• _Action item_:
Could you please write out each line of the records exactly, minus the pictures?

Source records:
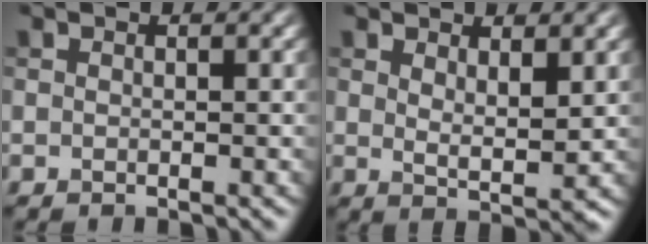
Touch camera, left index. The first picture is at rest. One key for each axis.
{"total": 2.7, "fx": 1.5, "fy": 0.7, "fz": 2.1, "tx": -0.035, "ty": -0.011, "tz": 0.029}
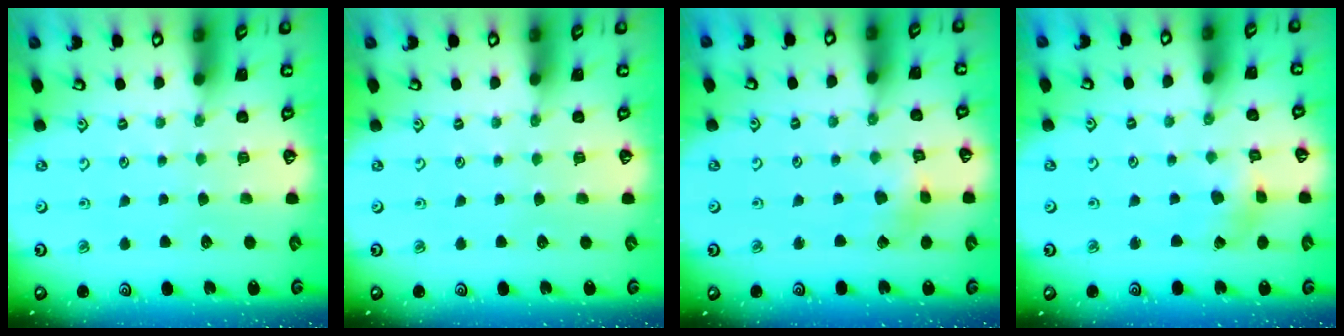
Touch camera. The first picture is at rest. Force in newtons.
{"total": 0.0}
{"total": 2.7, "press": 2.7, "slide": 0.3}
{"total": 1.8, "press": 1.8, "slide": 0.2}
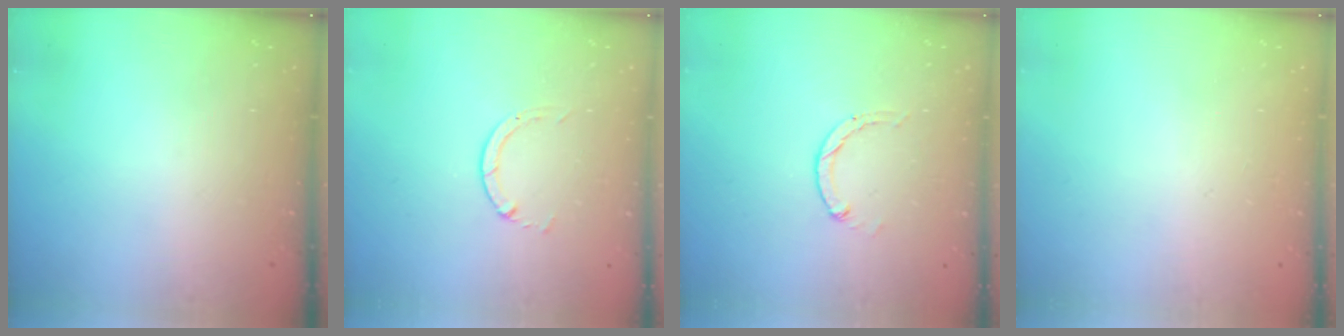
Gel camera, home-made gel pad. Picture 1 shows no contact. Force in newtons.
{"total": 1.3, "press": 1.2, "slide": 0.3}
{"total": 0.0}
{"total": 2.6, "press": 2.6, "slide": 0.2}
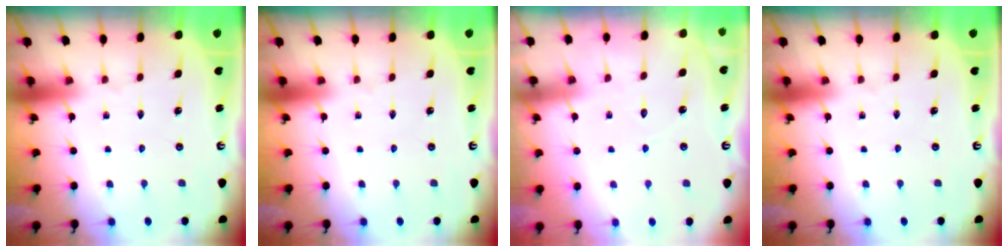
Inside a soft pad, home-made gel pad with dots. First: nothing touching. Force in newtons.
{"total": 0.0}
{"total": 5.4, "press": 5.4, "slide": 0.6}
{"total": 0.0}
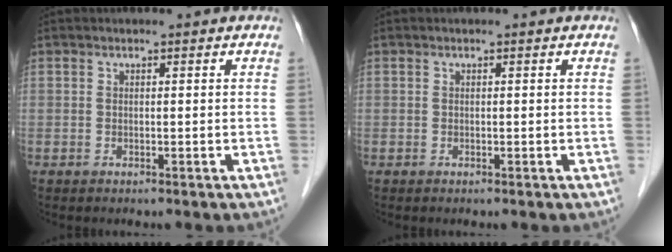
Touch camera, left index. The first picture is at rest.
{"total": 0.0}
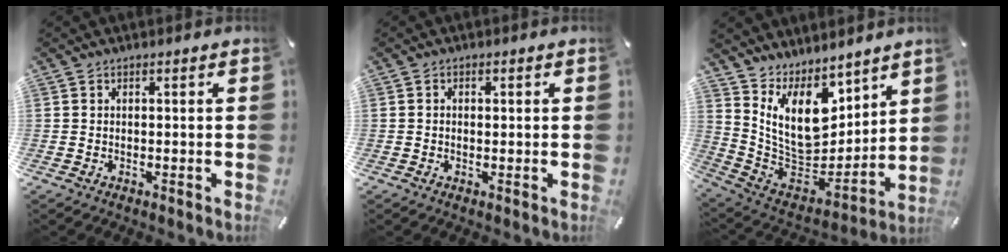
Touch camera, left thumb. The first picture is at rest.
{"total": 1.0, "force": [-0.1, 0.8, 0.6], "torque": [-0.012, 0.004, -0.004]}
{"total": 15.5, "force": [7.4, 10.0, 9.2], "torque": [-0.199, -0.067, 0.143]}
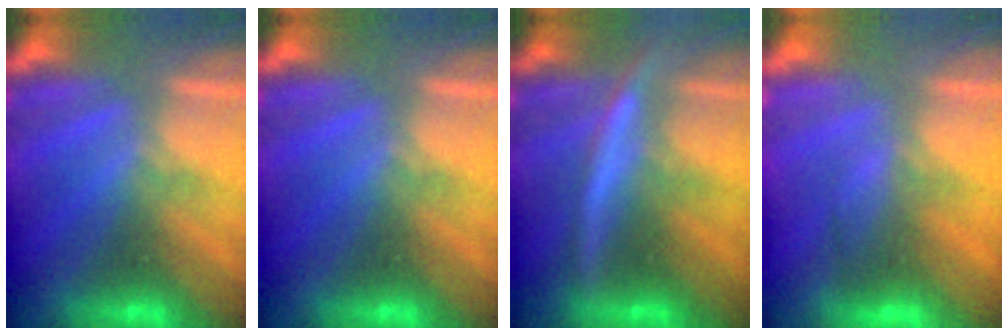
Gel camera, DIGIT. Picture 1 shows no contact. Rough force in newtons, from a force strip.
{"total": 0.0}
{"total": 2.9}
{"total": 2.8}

• _Solution to the problem_:
Touch camera, left index. The first picture is at rest. One key for each axis.
{"total": 2.7, "fx": 1.5, "fy": 0.7, "fz": 2.1, "tx": -0.035, "ty": -0.011, "tz": 0.029}
Touch camera. The first picture is at rest. Force in newtons.
{"total": 0.0}
{"total": 2.7, "press": 2.7, "slide": 0.3}
{"total": 1.8, "press": 1.8, "slide": 0.2}
Gel camera, home-made gel pad. Picture 1 shows no contact. Force in newtons.
{"total": 1.3, "press": 1.2, "slide": 0.3}
{"total": 0.0}
{"total": 2.6, "press": 2.6, "slide": 0.2}
Inside a soft pad, home-made gel pad with dots. First: nothing touching. Force in newtons.
{"total": 0.0}
{"total": 5.4, "press": 5.4, "slide": 0.6}
{"total": 0.0}
Touch camera, left index. The first picture is at rest.
{"total": 0.0}
Touch camera, left thumb. The first picture is at rest.
{"total": 1.0, "force": [-0.1, 0.8, 0.6], "torque": [-0.012, 0.004, -0.004]}
{"total": 15.5, "force": [7.4, 10.0, 9.2], "torque": [-0.199, -0.067, 0.143]}
Gel camera, DIGIT. Picture 1 shows no contact. Rough force in newtons, from a force strip.
{"total": 0.0}
{"total": 2.9}
{"total": 2.8}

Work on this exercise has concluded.